Sirius’ conduct was also found to be “unconscionable” and “likely to mislead or deceive” customers.

“ASIC’s investigation uncovered concerning consumer losses from trading in CFDs, including a Sirius Financial investor, who had limited knowledge of the market, losing over $400,000 after being told CFDs were a safe investment,” ASIC commissioner Danielle Press said.

Mr Schneider and Mr Pecyna were found to have been involved in the breaches and were “not adequately trained or competent” to be in control of the business.

ASIC said in a statement: “In reaching these findings, ASIC found that both men failed to adequately perform their duties as responsible managers and lacked the necessary professionalism, integrity, judgement and diligence to play a role in the management or control of a financial services provider.”

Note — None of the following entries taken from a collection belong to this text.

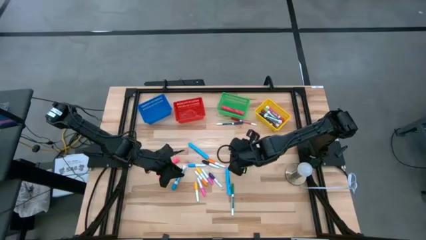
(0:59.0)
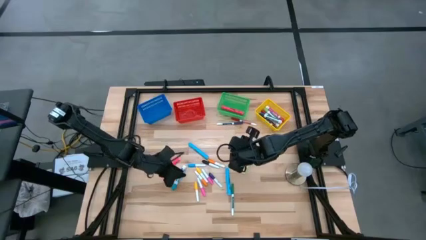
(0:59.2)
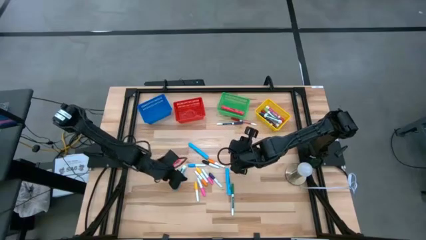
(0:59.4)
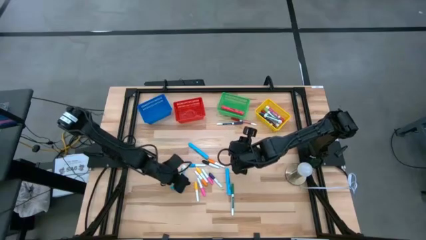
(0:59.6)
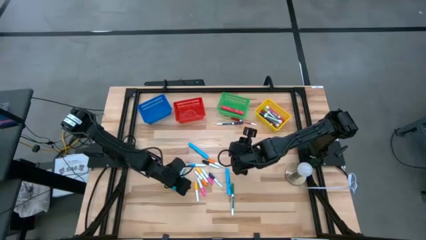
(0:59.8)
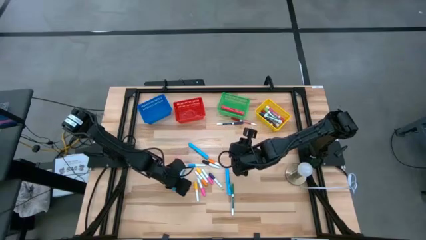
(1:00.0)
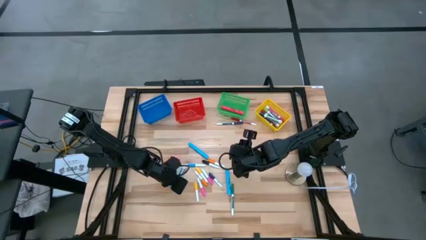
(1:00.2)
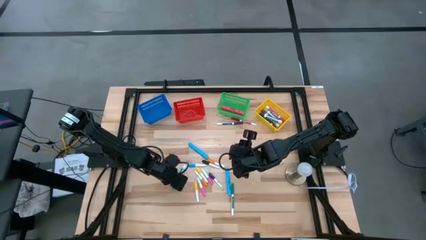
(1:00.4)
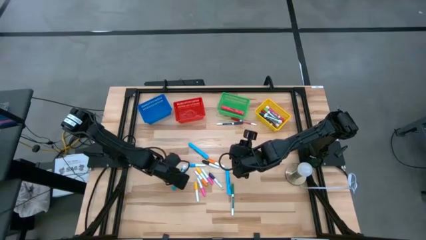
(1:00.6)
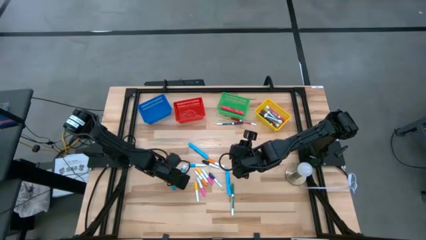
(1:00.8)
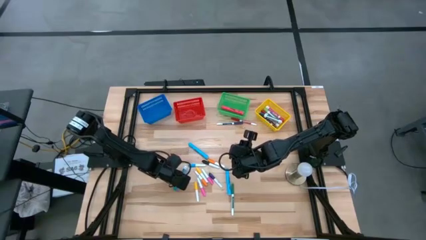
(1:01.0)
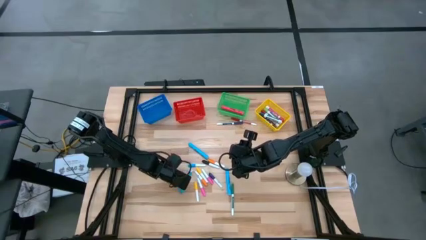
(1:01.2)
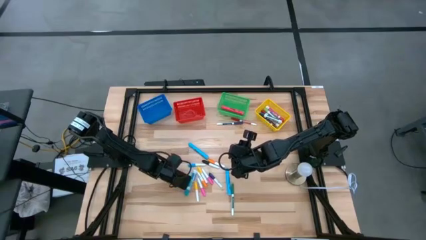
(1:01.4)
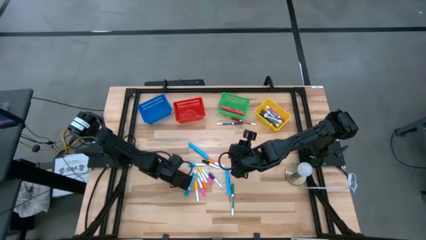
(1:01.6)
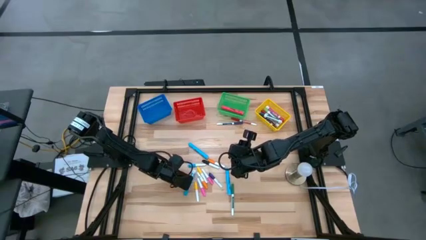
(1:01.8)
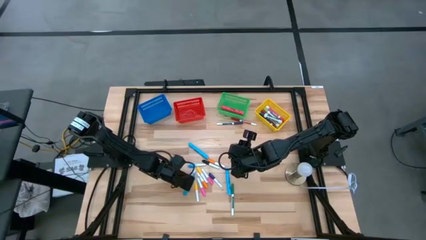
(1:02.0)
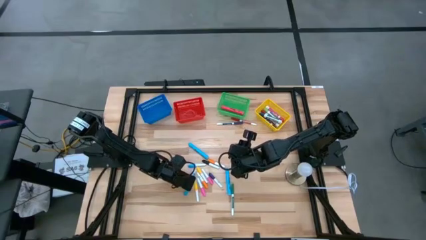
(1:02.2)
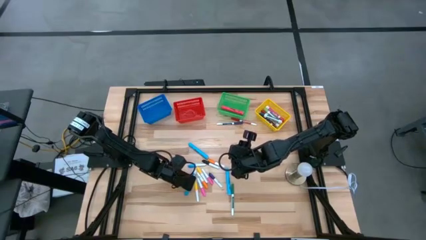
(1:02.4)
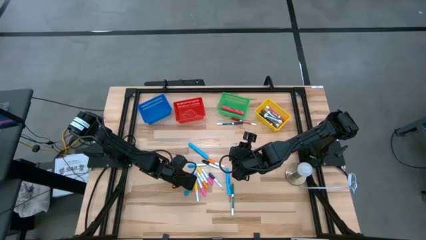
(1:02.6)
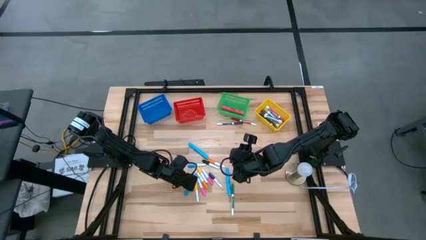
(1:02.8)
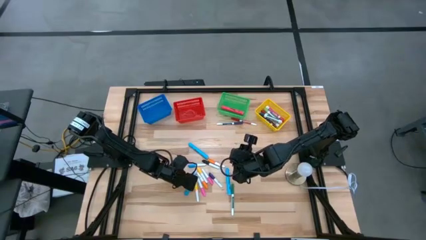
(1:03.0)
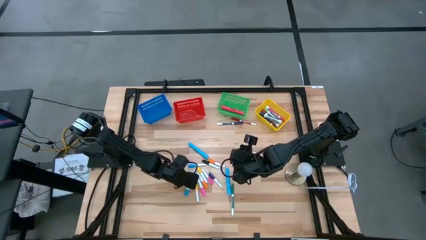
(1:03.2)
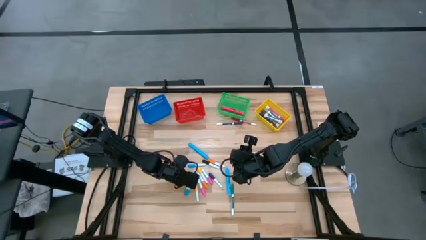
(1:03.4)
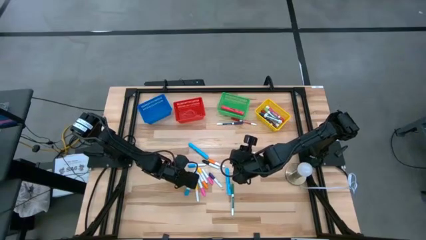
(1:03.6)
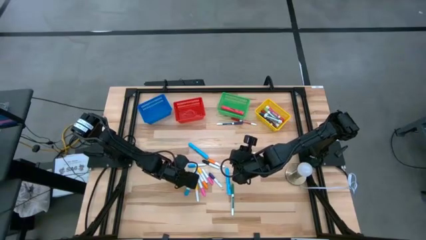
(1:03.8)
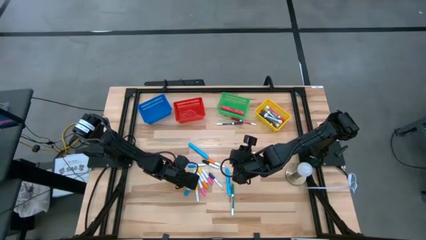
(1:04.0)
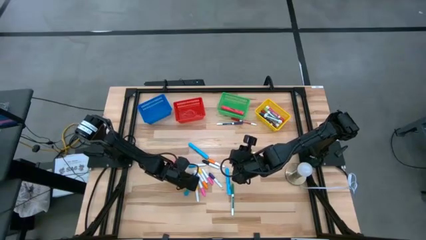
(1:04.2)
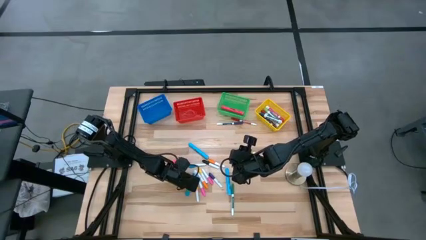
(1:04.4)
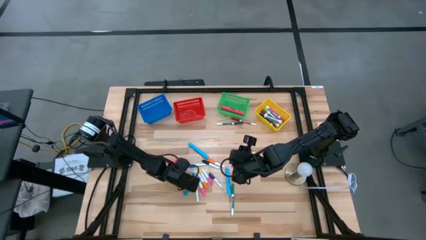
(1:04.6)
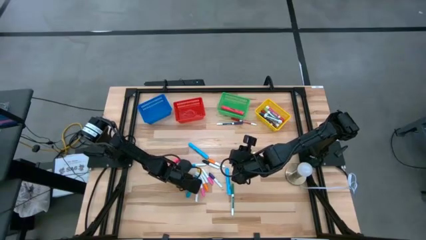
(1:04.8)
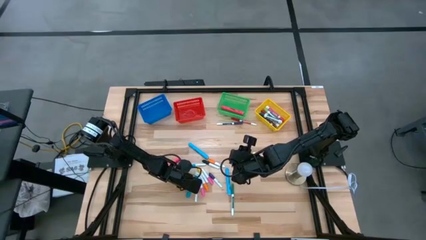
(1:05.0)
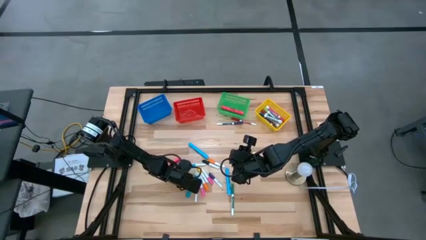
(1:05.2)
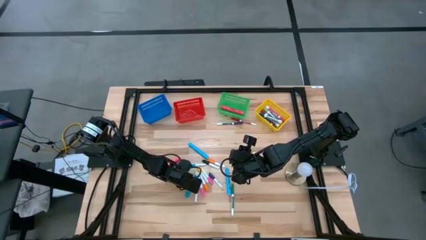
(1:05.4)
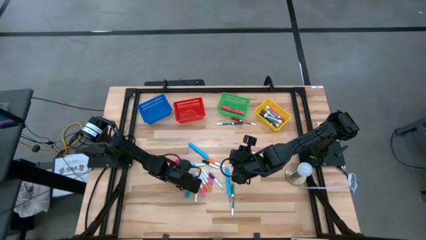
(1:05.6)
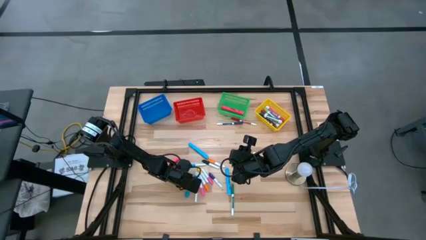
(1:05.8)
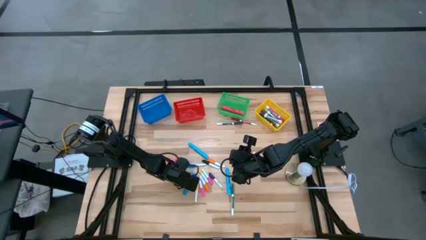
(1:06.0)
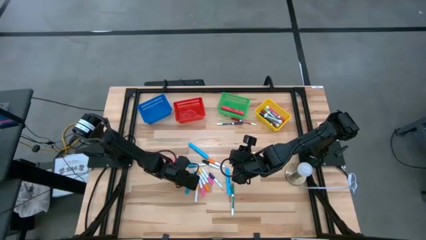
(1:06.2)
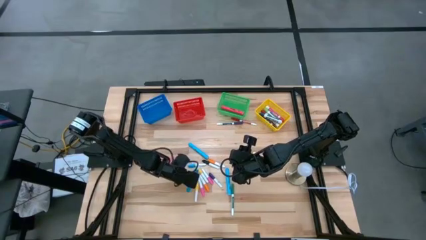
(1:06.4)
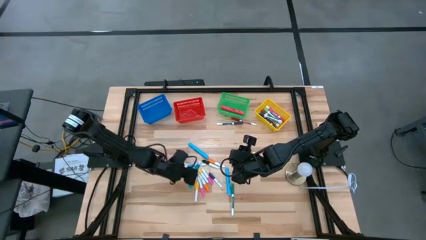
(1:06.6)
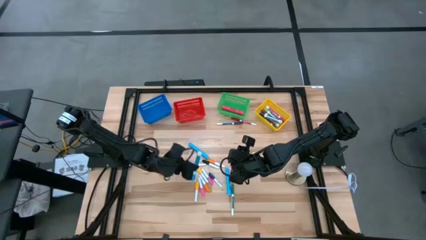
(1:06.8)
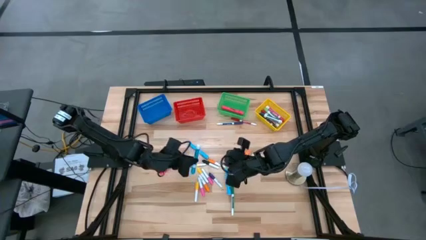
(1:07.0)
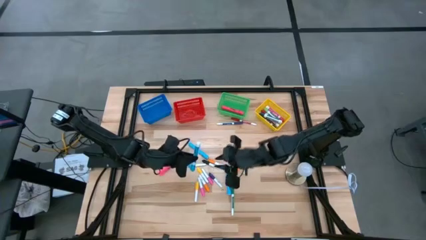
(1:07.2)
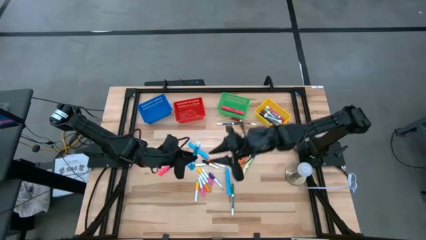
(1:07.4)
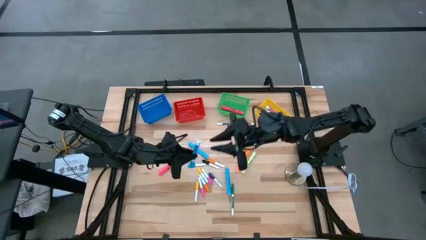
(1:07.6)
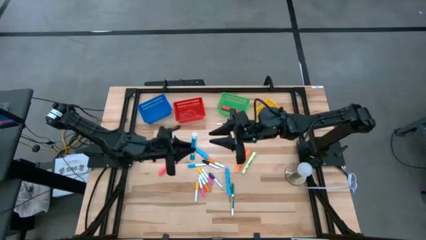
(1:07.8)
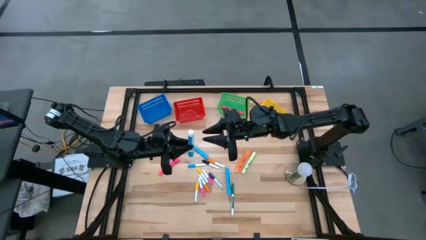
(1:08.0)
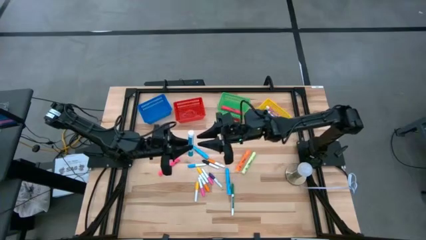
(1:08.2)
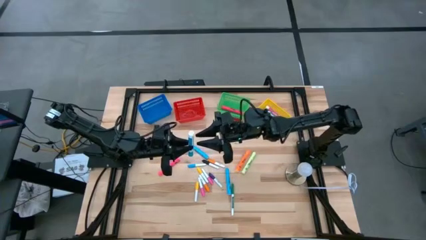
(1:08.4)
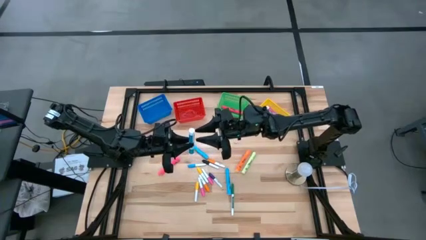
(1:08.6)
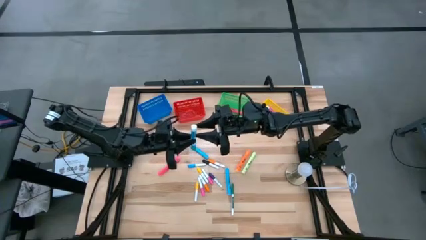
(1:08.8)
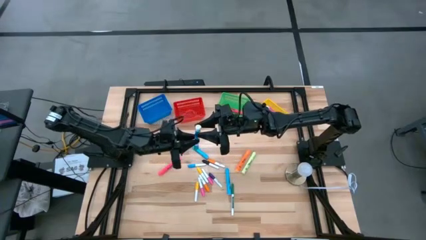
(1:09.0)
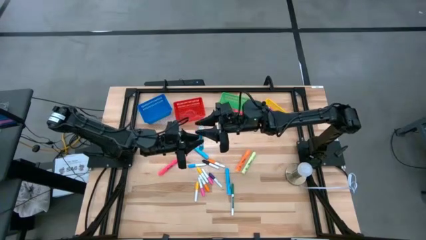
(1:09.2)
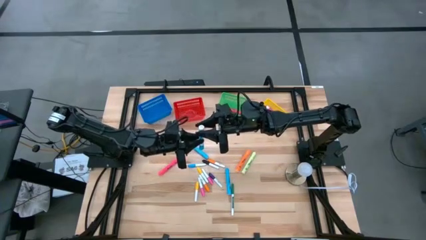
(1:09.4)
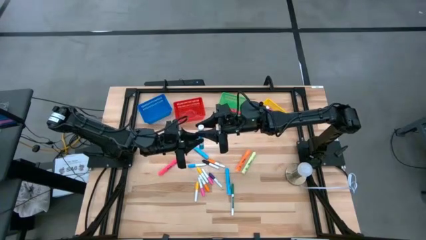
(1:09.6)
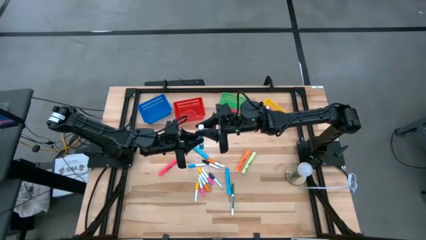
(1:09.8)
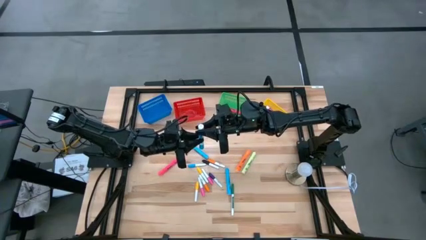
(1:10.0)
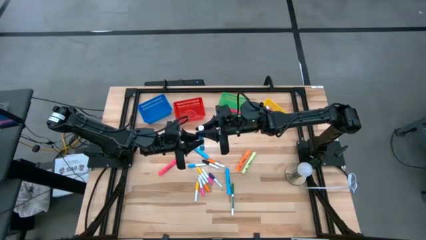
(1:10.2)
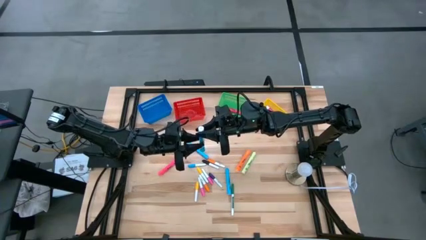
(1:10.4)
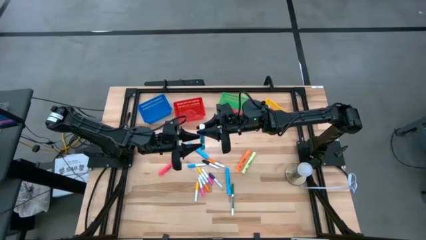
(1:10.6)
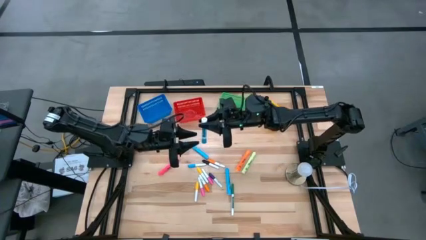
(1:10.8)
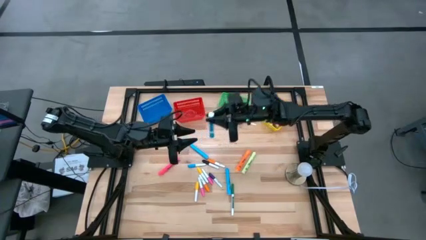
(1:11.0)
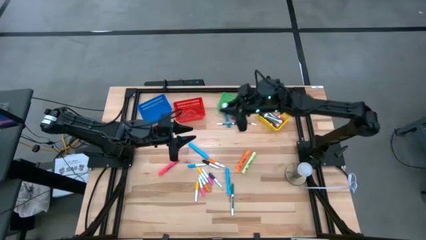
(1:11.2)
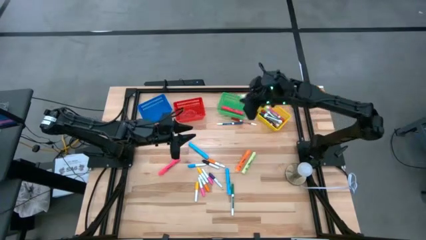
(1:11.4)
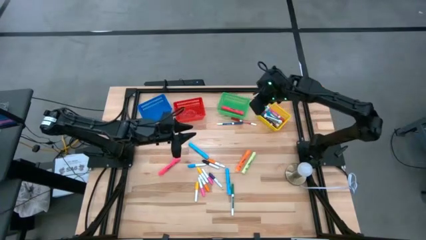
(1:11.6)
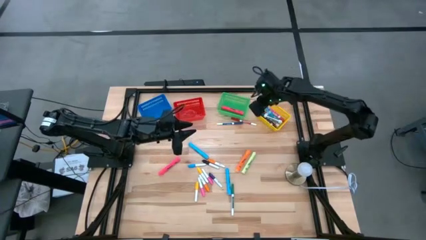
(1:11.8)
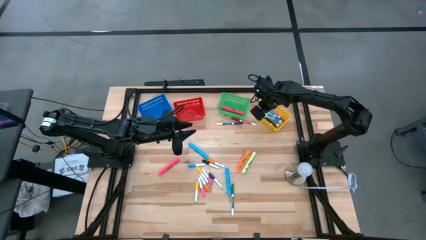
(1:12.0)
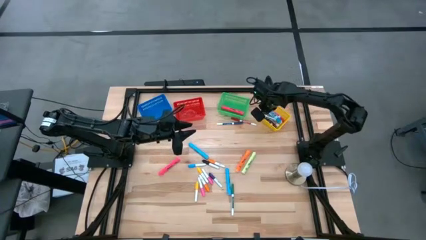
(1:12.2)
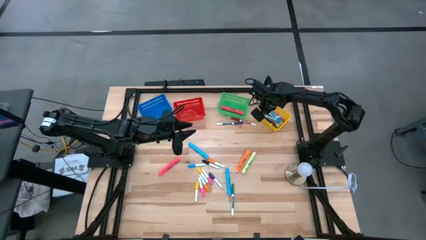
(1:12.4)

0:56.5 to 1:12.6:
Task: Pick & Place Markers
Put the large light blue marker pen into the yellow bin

Sirius Financial will cease operations on 29 July 2022.

The news comes after ASIC extended its product intervention order imposing conditions on the issue and distribution of  CFDs for five more years in April.

The order originally came into effect on 29 March 2021 and has strengthened protections through the reduction of CFD leverage available to retail clients and by targeting product features and sales practices that amplify the CFD losses of retail clients, according to the corporate regulator.

In the first six months of the order’s operation, ASIC said that there was a 91 per cent reduction in aggregate net losses for retail client accounts, falling from an average of $372 million per quarter to $33 million.

Furthermore, ASIC observed an 88 per cent reduction in negative balance occurrences and an average decrease of 87 per cent in margin close-outs for retail clients per quarter.